I remember seeing Lena’s parents once, Bert and Annabelle Rhodes, sitting in the audience of Breaux Bridge High School’s annual end-of-year play. That year, the year of the killings, they were putting on Grease, and Lena was Sandy, her tight-as-skin pleather pants shimmering every time the fabric caught the glare of the auditorium lights at just the right angle. Her usual French braids were replaced with a perm, a fake cigarette peeking out from behind one ear (although I very much doubted it was fake; she probably smoked it in the parking lot after the curtain had dropped). Cooper was in it, too, which was why we were there. He was good at sports—but acting, not so much. The pamphlet identified him as some tertiary role like Student #3.

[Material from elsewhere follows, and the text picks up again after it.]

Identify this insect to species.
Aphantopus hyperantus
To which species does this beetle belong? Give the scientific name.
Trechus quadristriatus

But not Lena. Lena was the star.
I was with my parents, sliding through the rows of seats looking for three empty chairs together, apologizing as we knocked into the knees of the other already-seated parents.
“Mona,” my dad called, waving his hand. “This way.”

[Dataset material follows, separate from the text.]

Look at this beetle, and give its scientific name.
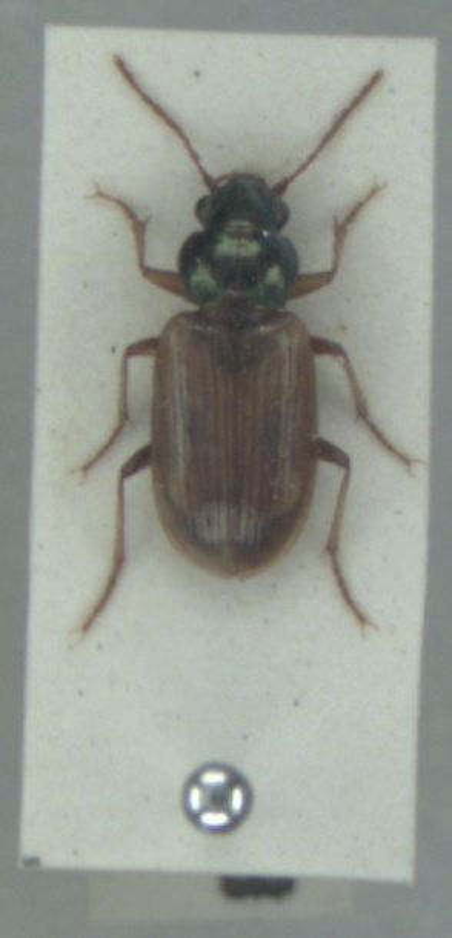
Pogonus luridipennis

He motioned toward three chairs in the center of the room, situated right next to the Rhodes’. I watched my mother’s eyes bulge for a fraction of a second before she plastered a smile on her face and put her hand on my back, pushing me forward with too much force.
“Hey, Bert,” my father said, smiling. “Annabelle. These seats taken?” Bert Rhodes smiled at my father and gestured to the open seats,
ignoring my mother completely. In the moment, it struck me as rude. He had met my mother; I had seen him at our house, just weeks before. He installed security systems for a living; I remember his tanned, leathery arms as he knelt outside in the dirt of our backyard before she tapped him on the shoulder and invited him inside. I watched through my window as he looked up at her, his arm wiping the moisture from his forehead, the unnatural loudness of her laugh as she pulled him in. They went into the kitchen, where I heard them talking in hushed voices; from the bannister on
the stairs, I saw her lean over the counter, her chest pushed together as she cradled a glass of sweet iced tea.
We took our seats just before the lights dimmed, and Lena pranced across the stage, her twirling hips making her white hoop skirt fly around her waist. My father shifted in his chair, crossed his legs. Bert Rhodes cleared his throat.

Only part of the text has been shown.